Le ministre de l’industrie l’a reconnu d’emblée : « J’aurais préféré venir au lendemain d’une décision tout autre. » Sébastien Martin avait été convié de longue date à un échange avec la secrétaire générale du syndicat, Sophie Binet, jeudi 26 mars, aux Assises CGT du made in France à Pont-de-Claix (Isère).
Le Pont-de-Claix abrite justement la vaste plateforme industrielle où se situait l’usine chimique Vencorex jusqu’en avril 2025, date à laquelle le tribunal des affaires économiques de Lyon a validé la reprise d’une petite partie de ses activités (54 salariés sur 450) par son concurrent chinois Wanhua, mais rejeté le projet, plus ambitieux, de société coopérative d’intérêt collectif porté par des salariés.
Depuis, une nouvelle offre baptisée « Exalia » avait été mise sur pied, portée par un entrepreneur, Olivier Six, et par l’ancienne déléguée CGT de l’usine, Séverine Dejoux, pour produire de l’acide chlorhydrique, de la soude et du chlore liquide de façon décarbonée.
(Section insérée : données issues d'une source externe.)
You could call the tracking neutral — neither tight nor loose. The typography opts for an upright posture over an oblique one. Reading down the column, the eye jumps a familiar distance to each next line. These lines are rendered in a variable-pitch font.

Or, mercredi 25 mars, ce projet doté de 80 millions d’euros de financement a également été rejeté par le tribunal, qui a préféré acter la cession à un ferrailleur. « Une honte de A à Z sur laquelle toute la lumière doit être faite », a dénoncé Sophie Binet, jeudi, demandant « la mise en place immédiate d’une commission d’enquête sur le scandale Vencorex ».